29.03.09

За неделю произошло очень много событий. Перед тем как начать официальную беседу с представителем УФСИН по Москве, я смог переговорить со своим адвокатом, который, по счастью, пришел ко мне в тот же день. Он мне сказал ключевую вещь — о нашем разговоре с операми из Управления станет сразу известно в тюрьме. На этом я и строил свой расчет, так как за предшествующие сутки выяснил, что интересую в тюрьме как администрацию, так и блатных — и тех, и других на предмет получения с меня денег.

Когда я вернулся в камеру, началась одна из самых тяжелых моих недель в Бутырке. После того как я объявил И., что не готов договариваться по антенне, поскольку, по моей информации, этапов в нужную мне сторону в Бутырке нет, а значит, не может быть 100-процентной гарантии исполнения договоренностей, наши отношения резко накалились. И. заявил о возможности остановки в Бутырке «воровского хода», если антенна не будет установлена — со всеми вытекающими для меня последствиями. И. в итоге признал, что никаких гарантий мне дать не может — и перешел к другой тактике «диалога». Он стал пытаться делать мне замечания и внушения по мелким бытовым вопросам, причем нарочито громко и оскорбительно. Я отвечал ему максимально корректно и сдержанно, что заводило его еще больше. В результате он не придумал ничего лучшего, как прибегнуть к последнему аргументу: схватил алюминиевую тарелку и попытался ударить меня по голове. С учетом того, что И. ростом мне по плечо, это выглядело не бог весть как угрожающе, а главное, мой ответный удар мог его покалечить — или, во всяком случае, повредить его очки. В результате намерения нас обоих так и остались намерениями: нас окружили со всех сторон и разняли. Братежня И. в этой стычке не поддержала. Хотя мы разошлись по разным углам, как боксеры на ринге, обстановка продолжала оставаться накаленной и настигла высшей степени накала в понедельник утром, после визита И. к одному из руководителей тюрьмы. Он рассказал И., что в субботу в Бутырку приезжал начальник управления по Москве, и что ему известно о ряде нарушений в тюрьме, в том числе о желании установить антенну за мой счет в обмен на интересующую меня зону. По возвращении И. был вне себя от ярости. Ярость его могла вылиться в очередную стычку, но офицер, который в свое время помог мне отбиться от мвдэшных оперов, лично зашел за И. и увел его для беседы, по возвращении с которой И. переключил свою агрессию на своего же, на сокамерника из братежни, который чуть было не умер предыдущей ночью от передоза — если б помер, мог бы поставить крест на отработанных И. каналах поставки в тюрьму наркотиков.
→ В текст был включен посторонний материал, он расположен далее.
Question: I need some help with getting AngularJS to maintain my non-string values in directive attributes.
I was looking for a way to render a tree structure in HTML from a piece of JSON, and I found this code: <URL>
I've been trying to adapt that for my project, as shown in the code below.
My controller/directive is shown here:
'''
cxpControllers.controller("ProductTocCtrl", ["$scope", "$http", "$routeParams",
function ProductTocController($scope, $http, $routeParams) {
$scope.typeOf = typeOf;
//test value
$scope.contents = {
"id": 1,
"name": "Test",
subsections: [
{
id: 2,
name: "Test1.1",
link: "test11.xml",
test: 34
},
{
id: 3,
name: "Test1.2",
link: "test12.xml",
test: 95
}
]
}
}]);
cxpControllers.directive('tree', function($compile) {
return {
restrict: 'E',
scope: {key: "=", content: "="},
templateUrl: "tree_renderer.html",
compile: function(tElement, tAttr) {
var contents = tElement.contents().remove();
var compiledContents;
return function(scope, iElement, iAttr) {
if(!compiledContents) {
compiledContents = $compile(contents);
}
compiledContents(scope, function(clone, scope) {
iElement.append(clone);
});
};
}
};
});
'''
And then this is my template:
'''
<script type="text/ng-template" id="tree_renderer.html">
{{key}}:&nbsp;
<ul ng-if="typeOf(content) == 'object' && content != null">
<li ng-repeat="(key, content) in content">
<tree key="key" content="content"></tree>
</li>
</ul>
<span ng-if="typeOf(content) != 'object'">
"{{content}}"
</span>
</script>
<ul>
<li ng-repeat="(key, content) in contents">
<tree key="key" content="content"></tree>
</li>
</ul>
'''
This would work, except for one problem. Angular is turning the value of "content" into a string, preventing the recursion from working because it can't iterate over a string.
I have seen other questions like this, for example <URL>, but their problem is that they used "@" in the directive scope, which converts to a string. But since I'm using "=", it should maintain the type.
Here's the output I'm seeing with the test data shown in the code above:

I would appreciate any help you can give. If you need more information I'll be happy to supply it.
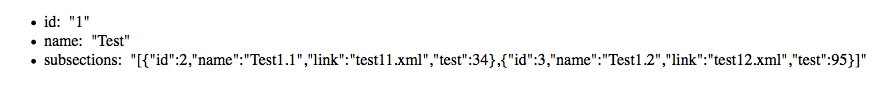
Answer: The problem is with the 'typeOf function' in your template. The compiled template doesn't find this function so it is never equal to 'object'. Add a controller to your directive to define it.
I took the plunkr and added this:
'''
controller: function($scope) {
$scope.typeOf = function(val) {
return typeof val;
};
},
'''
It does recognize it as an object. Check out the updated plunkr <URL>.
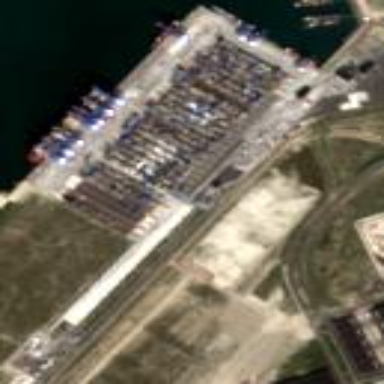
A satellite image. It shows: Industrial area with cargo containers.
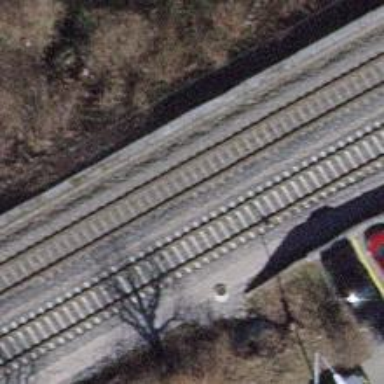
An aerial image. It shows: Railway with electrified contact lines.
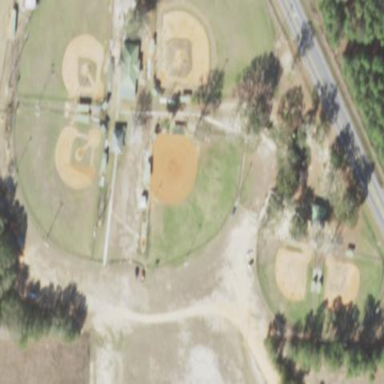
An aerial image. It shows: Baseball pitch for leisure land.
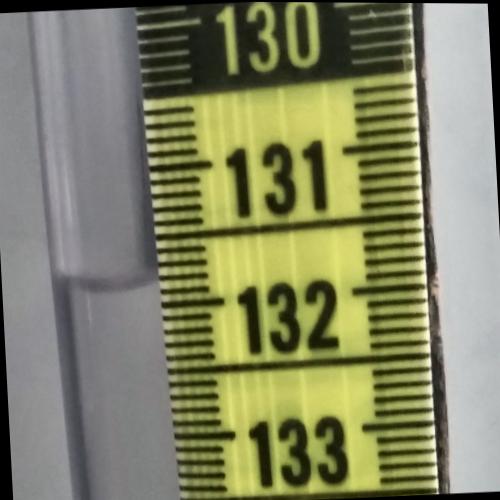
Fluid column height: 131.8 cm
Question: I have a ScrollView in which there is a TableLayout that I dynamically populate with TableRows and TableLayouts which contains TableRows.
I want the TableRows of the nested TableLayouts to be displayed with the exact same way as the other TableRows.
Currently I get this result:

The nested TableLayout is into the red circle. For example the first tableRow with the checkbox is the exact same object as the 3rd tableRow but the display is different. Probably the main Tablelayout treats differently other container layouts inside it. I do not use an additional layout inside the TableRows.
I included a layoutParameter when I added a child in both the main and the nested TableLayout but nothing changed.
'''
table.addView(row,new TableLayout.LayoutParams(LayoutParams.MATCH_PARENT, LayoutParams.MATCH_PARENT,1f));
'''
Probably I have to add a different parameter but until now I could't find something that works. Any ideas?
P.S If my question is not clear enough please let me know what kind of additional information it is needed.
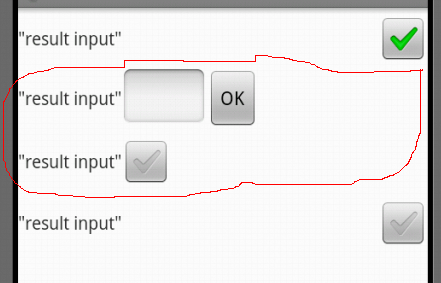
Answer: I managed to find a workaround. By setting the nested tableLayout
'''
table.setColumnStretchable(0, true);
'''
the nested tables stretch and fill the screen.
But it is obvious that tableLayout is not the right View to use for such tasks. So I have to investigate more thing about inflating dynamically views in ListView. I will set the question as solved (cannot do it now,I have to wait for 2 days..)
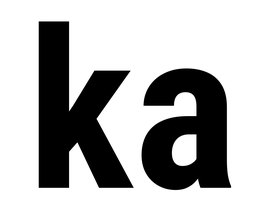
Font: Roboto_Condensed_Bold

В четверг вечером меня перевели обратно на Большой Спец в четырехместную камеру, где меня уже встречал мой единственный сокамерник С.С. Его тоже перевели в эту камеру в один день со мной. Последние 15 суток С.С. провел в карцере. Раньше я виделся с С.С. и был с ним знаком, встречал его несколько раз в храме. Благодаря тому, что С.С. заехал в камеру на несколько часов раньше меня, он уже сумел наладить максимально комфортные для тюрьмы условия: нам включили горячую воду, поставили душ и современный двойной светильник с очень хорошими лампами. Света получилось гораздо больше, чем в предыдущей камере. В общем, по сравнению с общей камерой, здесь санаторий. Единственный минус — ни у меня, ни у него не осталось телефона, и нам по этому поводу светит особое, пристальное внимание: теперь для нас обоих наличие телефона — это прямая дорога в карцер. К тому же понятно, что если у нас найдут аппарат, мы окажемся не потерпевшими от милицейского произвола, а вроде уже и сами правонарушители.